__Exercise instructions__
Could you return each line of the material that has "light" in it?

__Data extract__

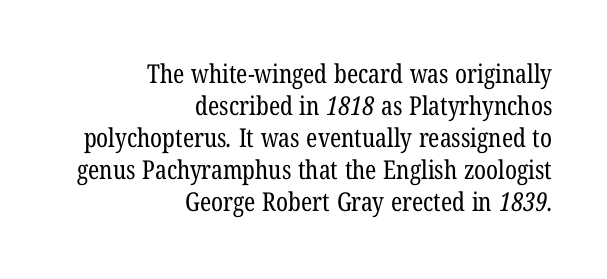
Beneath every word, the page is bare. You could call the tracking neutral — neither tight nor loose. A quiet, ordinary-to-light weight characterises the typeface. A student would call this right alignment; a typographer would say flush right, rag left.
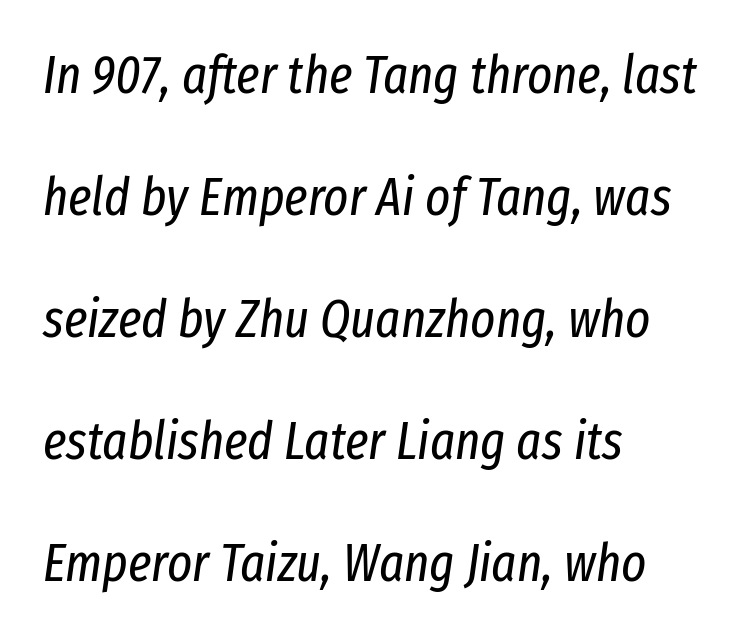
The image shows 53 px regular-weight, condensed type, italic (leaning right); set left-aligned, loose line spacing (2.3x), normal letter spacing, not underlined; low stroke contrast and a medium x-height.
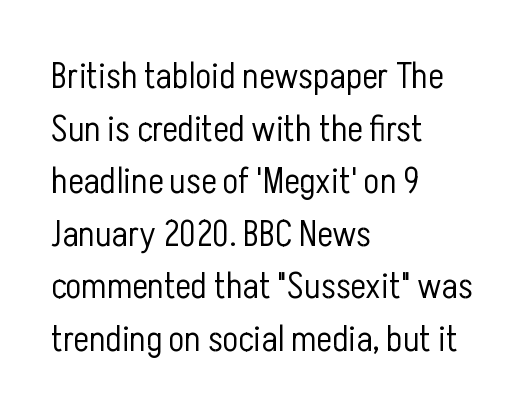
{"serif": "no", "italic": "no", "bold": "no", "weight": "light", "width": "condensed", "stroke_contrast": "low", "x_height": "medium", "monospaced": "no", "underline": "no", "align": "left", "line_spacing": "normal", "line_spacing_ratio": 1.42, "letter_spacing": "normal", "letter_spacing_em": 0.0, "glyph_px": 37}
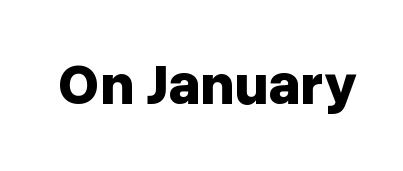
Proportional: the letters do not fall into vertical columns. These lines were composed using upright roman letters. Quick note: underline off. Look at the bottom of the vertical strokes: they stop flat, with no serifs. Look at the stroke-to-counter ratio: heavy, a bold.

__Written response__
Beneath every word, the page is bare. You could call the tracking neutral — neither tight nor loose. A quiet, ordinary-to-light weight characterises the typeface. A student would call this right alignment; a typographer would say flush right, rag left.
{"serif": "no", "italic": "no", "bold": "no", "weight": "light", "width": "condensed", "stroke_contrast": "low", "x_height": "medium", "monospaced": "no", "underline": "no", "align": "left", "line_spacing": "normal", "line_spacing_ratio": 1.42, "letter_spacing": "normal", "letter_spacing_em": 0.0, "glyph_px": 37}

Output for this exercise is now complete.